Dataset excerpts
== == ==
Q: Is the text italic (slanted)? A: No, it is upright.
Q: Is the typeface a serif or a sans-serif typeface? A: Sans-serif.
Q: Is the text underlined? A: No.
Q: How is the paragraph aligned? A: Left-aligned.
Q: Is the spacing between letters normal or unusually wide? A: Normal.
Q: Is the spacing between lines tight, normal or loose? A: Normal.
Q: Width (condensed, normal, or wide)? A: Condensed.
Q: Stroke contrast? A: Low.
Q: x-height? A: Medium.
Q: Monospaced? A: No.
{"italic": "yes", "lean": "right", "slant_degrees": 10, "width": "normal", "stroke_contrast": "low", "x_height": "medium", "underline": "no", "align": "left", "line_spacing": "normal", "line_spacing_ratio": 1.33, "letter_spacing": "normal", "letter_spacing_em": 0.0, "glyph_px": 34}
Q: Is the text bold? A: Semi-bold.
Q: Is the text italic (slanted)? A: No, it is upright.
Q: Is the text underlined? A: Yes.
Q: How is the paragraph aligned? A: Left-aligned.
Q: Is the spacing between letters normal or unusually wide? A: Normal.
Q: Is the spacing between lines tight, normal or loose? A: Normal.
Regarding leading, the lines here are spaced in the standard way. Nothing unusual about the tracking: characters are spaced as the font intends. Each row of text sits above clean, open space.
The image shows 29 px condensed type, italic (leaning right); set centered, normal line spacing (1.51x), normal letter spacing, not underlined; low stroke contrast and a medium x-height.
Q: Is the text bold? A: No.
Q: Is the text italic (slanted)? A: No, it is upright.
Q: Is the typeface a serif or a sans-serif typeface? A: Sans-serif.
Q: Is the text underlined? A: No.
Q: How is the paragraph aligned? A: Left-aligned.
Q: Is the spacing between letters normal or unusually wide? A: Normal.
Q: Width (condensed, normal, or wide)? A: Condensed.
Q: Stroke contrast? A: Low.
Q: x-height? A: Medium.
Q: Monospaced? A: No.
== == ==
#### Task to carry out:
Repeat the records above in full, word for word.

#### Written answer:
Q: Is the text italic (slanted)? A: No, it is upright.
Q: Is the typeface a serif or a sans-serif typeface? A: Sans-serif.
Q: Is the text underlined? A: No.
Q: How is the paragraph aligned? A: Left-aligned.
Q: Is the spacing between letters normal or unusually wide? A: Normal.
Q: Is the spacing between lines tight, normal or loose? A: Normal.
Q: Width (condensed, normal, or wide)? A: Condensed.
Q: Stroke contrast? A: Low.
Q: x-height? A: Medium.
Q: Monospaced? A: No.
{"italic": "yes", "lean": "right", "slant_degrees": 10, "width": "normal", "stroke_contrast": "low", "x_height": "medium", "underline": "no", "align": "left", "line_spacing": "normal", "line_spacing_ratio": 1.33, "letter_spacing": "normal", "letter_spacing_em": 0.0, "glyph_px": 34}
Q: Is the text bold? A: Semi-bold.
Q: Is the text italic (slanted)? A: No, it is upright.
Q: Is the text underlined? A: Yes.
Q: How is the paragraph aligned? A: Left-aligned.
Q: Is the spacing between letters normal or unusually wide? A: Normal.
Q: Is the spacing between lines tight, normal or loose? A: Normal.
Regarding leading, the lines here are spaced in the standard way. Nothing unusual about the tracking: characters are spaced as the font intends. Each row of text sits above clean, open space.
The image shows 29 px condensed type, italic (leaning right); set centered, normal line spacing (1.51x), normal letter spacing, not underlined; low stroke contrast and a medium x-height.
Q: Is the text bold? A: No.
Q: Is the text italic (slanted)? A: No, it is upright.
Q: Is the typeface a serif or a sans-serif typeface? A: Sans-serif.
Q: Is the text underlined? A: No.
Q: How is the paragraph aligned? A: Left-aligned.
Q: Is the spacing between letters normal or unusually wide? A: Normal.
Q: Width (condensed, normal, or wide)? A: Condensed.
Q: Stroke contrast? A: Low.
Q: x-height? A: Medium.
Q: Monospaced? A: No.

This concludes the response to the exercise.